While the economic impact of the Day Without Immigrants protest is not clear, many recent anti-Trump boycotts and protests have raised awareness and put pressure on lawmakers and the Trump administration. For Andy Shallal, an Iraqi-American entrepreneur who closed all six locations of his D.C.-area performance venue chain Busboys and Poets, it was a chance to call for "humanistic" immigration reform. "I want to make sure that immigrants, such as myself and others, don’t live in fear," he says. He adds: "There are times when standing on the sidelines is not an option. This is one of those times."

Vox: "Where the world's migrants go, in one map"

"Most Popular Destination for Each Country's Migrants" by DMan9797.

"Most Popular Destination for Each Country's Migrants" by DMan9797.

The most popular migrant destinations for each country around the world have been mapped and color coded. Created by Devinn Jani, aka Reddit user DMan9797, the very cool map uses 2013 United Nations data to show country-specific global migration.
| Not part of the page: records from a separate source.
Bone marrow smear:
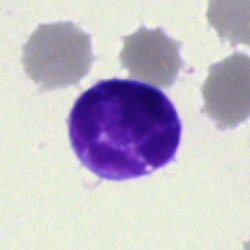 Morphology consistent with a lymphocyte.
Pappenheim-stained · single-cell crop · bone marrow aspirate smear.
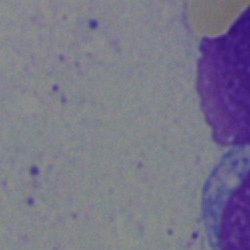Impression — artefact.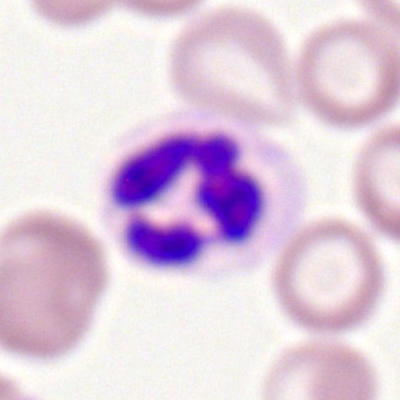Specimen: peripheral blood film.
Cell: polymorphonuclear neutrophil.
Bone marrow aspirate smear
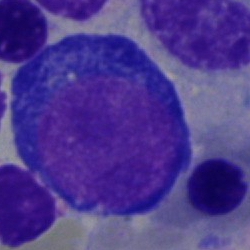Specimen: bone marrow smear.
Morphological class: pronormoblast.
Lineage: erythroid.
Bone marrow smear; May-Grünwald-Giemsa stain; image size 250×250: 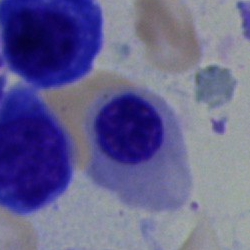
Morphological class: nucleated red blood cell.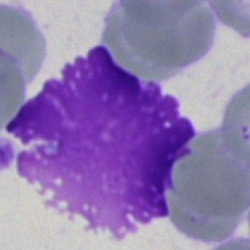 Q: What is shown here?
A: It is an artifact.
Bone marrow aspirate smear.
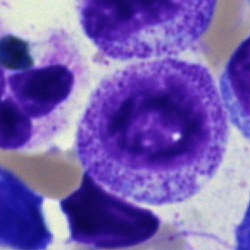

Morphological class = myelocyte.
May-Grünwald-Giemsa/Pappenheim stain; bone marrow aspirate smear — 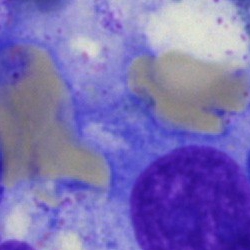
This is a plasmacyte.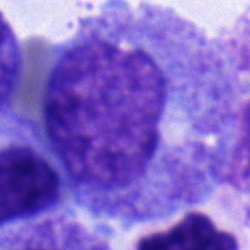 Cell — myelocyte.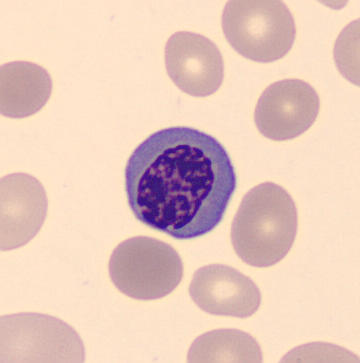
Q: Identify the cell.
A: A nucleated red cell.
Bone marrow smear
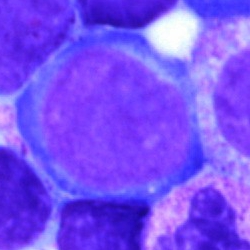

Typical lymphocyte.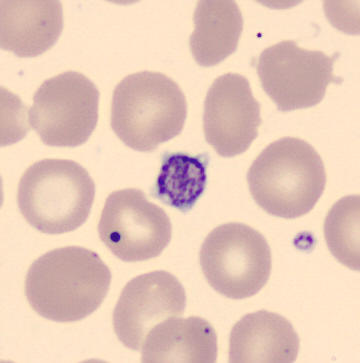

A thrombocyte on a peripheral blood smear.
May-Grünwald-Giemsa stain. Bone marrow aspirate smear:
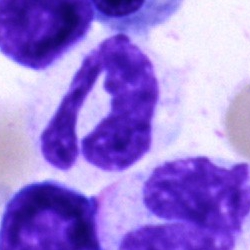

Classification = segmented neutrophil.
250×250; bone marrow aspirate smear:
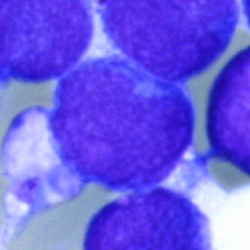Morphology consistent with a blast.
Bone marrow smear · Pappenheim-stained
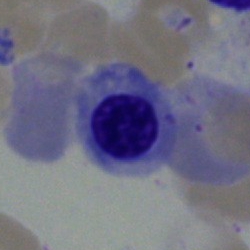

Showing a nucleated red blood cell.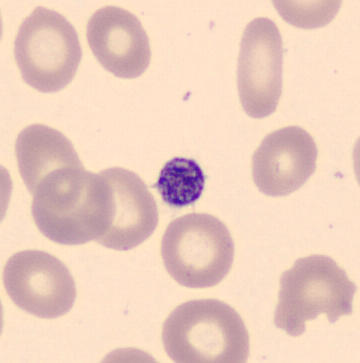
Morphology consistent with a platelet (thrombocyte).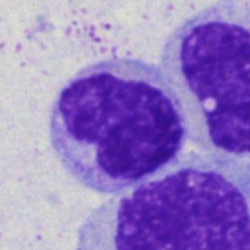Metamyelocyte.
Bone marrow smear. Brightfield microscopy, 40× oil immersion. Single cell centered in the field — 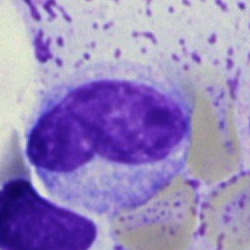

The morphological class is metamyelocyte.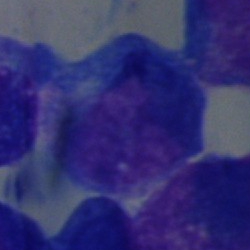 An artefact.
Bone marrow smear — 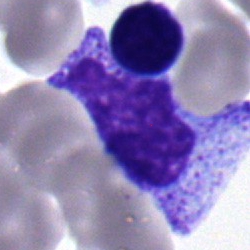

{"cell_type": "promyelocyte", "lineage": "myeloid"}
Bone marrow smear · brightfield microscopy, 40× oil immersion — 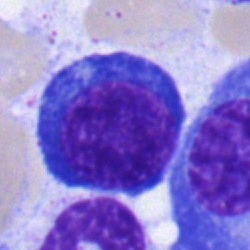A pronormoblast.
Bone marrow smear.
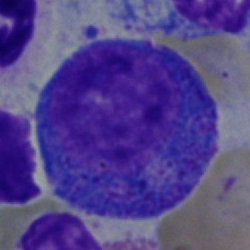
{"cell_type": "progranulocyte"}
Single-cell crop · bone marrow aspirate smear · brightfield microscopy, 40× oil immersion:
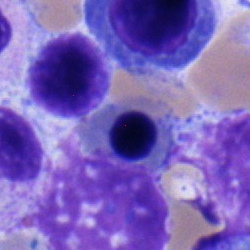 Cell type — nucleated red cell.
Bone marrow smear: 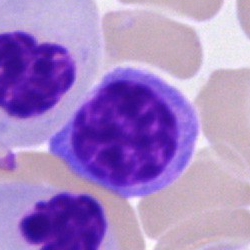
Nucleated red cell.
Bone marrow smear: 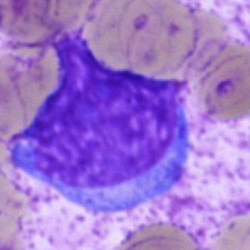

Q: Identify the cell.
A: Blast.
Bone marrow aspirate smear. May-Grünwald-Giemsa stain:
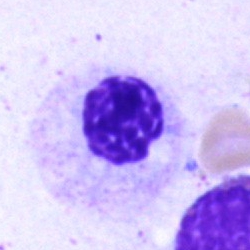 Cell — neutrophil (segmented).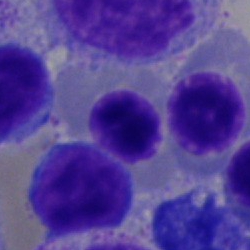 Specimen: bone marrow smear.
Morphological class: erythroblast.
Lineage: erythroid.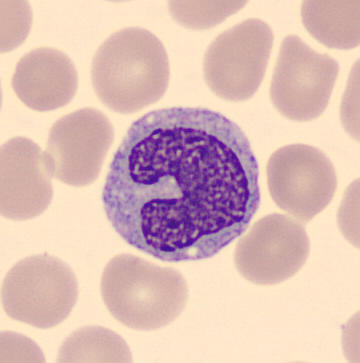Image: Peripheral blood film. Image size 360×363.
Cell type = monocyte.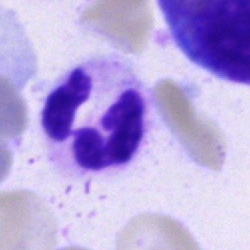 Q: Which cell type is shown here?
A: This is a segmented neutrophil.
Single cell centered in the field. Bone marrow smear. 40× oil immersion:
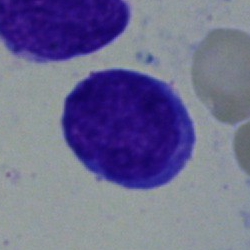Q: Which cell type is shown here?
A: It is a blast.
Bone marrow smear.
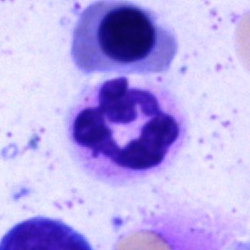
Specimen: bone marrow smear.
Cell type: polymorphonuclear neutrophil.
Lineage: myeloid.
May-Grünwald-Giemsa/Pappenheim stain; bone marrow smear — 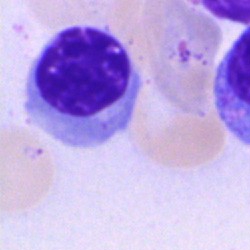
This is a nucleated red cell.
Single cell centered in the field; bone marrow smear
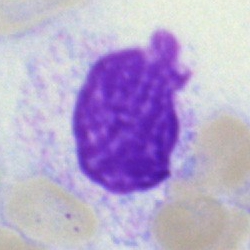
An artifact.
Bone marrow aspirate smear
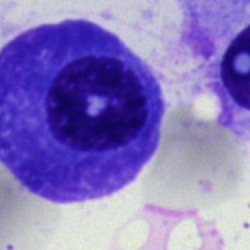
Q: What cell is this?
A: A plasmacyte.
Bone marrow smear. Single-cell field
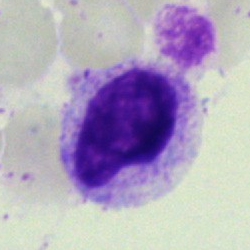

Myelocyte.
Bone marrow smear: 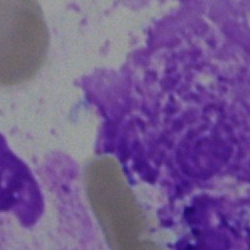
Single cell identified as an artefact.
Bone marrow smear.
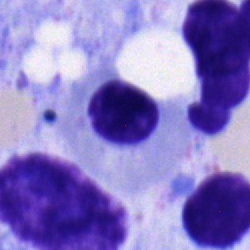 Impression → erythroblast.
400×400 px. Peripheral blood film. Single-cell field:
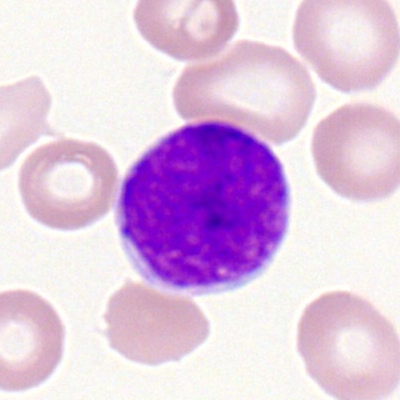

Morphological class = myeloblast.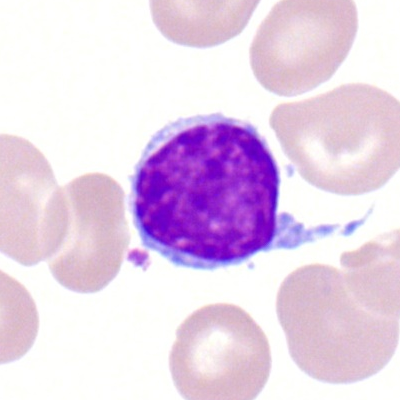

Morphology — lymphocyte.
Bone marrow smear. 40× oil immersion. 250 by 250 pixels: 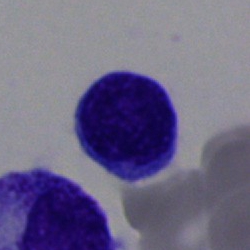Specimen: bone marrow smear.
Classification: typical lymphocyte.
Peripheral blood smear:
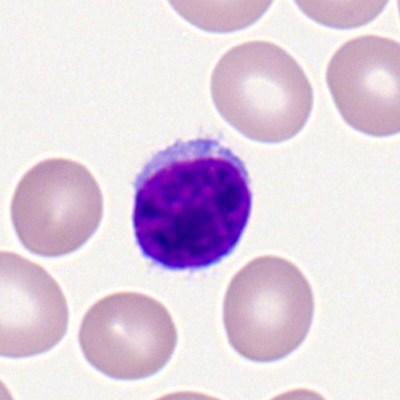 The morphological class is lymphocyte.
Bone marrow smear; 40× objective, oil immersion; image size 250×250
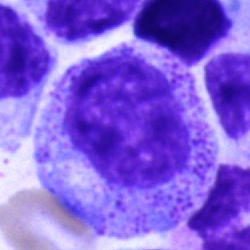Impression → progranulocyte.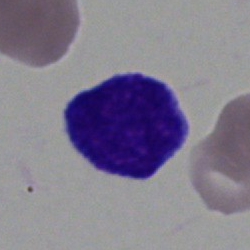Classification — undifferentiated blast.
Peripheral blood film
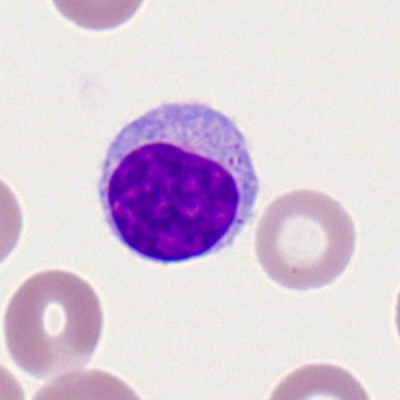
Q: What cell is this?
A: Lymphocyte.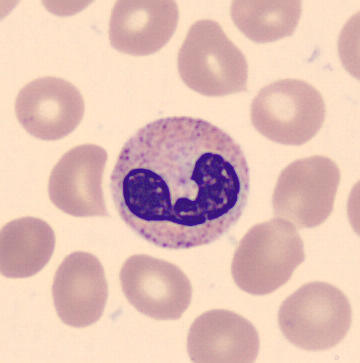
Impression → segmented neutrophil.

The map reveals some interesting facts about migration (but note that when looking at the map in addition to color coding, it also labels countries with the most popular country migrant destination of that country—e.g., USA is labeled as Mexico and Argentina is labeled as Spain—and so for those who haven't memorized all the countries a world map may be useful):

  • Unsurprisingly, the United States (whose immigrants are colored in red) is the most popular destination for the geographically-close countries of Mexico, Canada, Honduras, Guatemala, Cuba, Haiti, and the Dominican Republic, among others, but also for such countries as diverse and culturally unique as Japan, Saudi Arabia, Vietnam, Germany, Sweden, and Iran.
  • More interesting to us is seeing that the United States is not the most popular migrant destination for many countries that nevertheless have had many migrants come to the US. Not for Russians, whose nationals immigrate to Ukraine; not Colombia, whose nationals immigrate to Venezuela; and not for China, whose citizens immigrate to Hong Kong; 
  • There are other surprises too. Indians tend to immigrate not to the United States, United Kingdom, or Australia but instead the United Arab Emirates. Mongolians tend to go to South Korea. Germany, the economic powerhouse of Europe, is not only the top destination for the bordering countries of Poland, Czech Republic, and Austria but also Italy, Croatia, Hungary, Greece, Turkey, and Sardinia.

This map is helpful to correct the assumption that the US is the first and most popular destination for all global migrants. As we've reported before, the US ranks 65th worldwide in terms of the percentage of population that is foreign born—data also based on 2013 UN numbers. But according to a report by the US Census Bureau this could change by 2060 when a projected 18.8 percent of the US population will be foreign-born (currently it's at 14.3 percent but back in 1890 it was 14.8 percent). This is not because of a dramatic increase in immigrants but rather because the US birth rate is projected to decline. The census report also has some good news for those who are a fan of diversity: the fastest growing share of the population in the US will be Americans of two or more races, which "has the potential to totally scramble racial categories as they exist today." For those really into maps (hey, maps are fun) and immigration and who want more, Vox has thirty-five maps that "explain how America is a nation of immigrants."

Nation of Immigrants

"America was to be the great experiment, a testing ground for political liberty, a model for democratic government. And although the first task was to mold a nation on these principles here in this continent, we would also lead the fight against tyranny in all continents. This is a great inheritance. It is a proud privilege to be a citizen of the great republic. To realize that we are the descendents of forty million people, who left other countries, other familiar scenes, to come here to the United States to build a new life, to make a new opportunity for themselves and their children."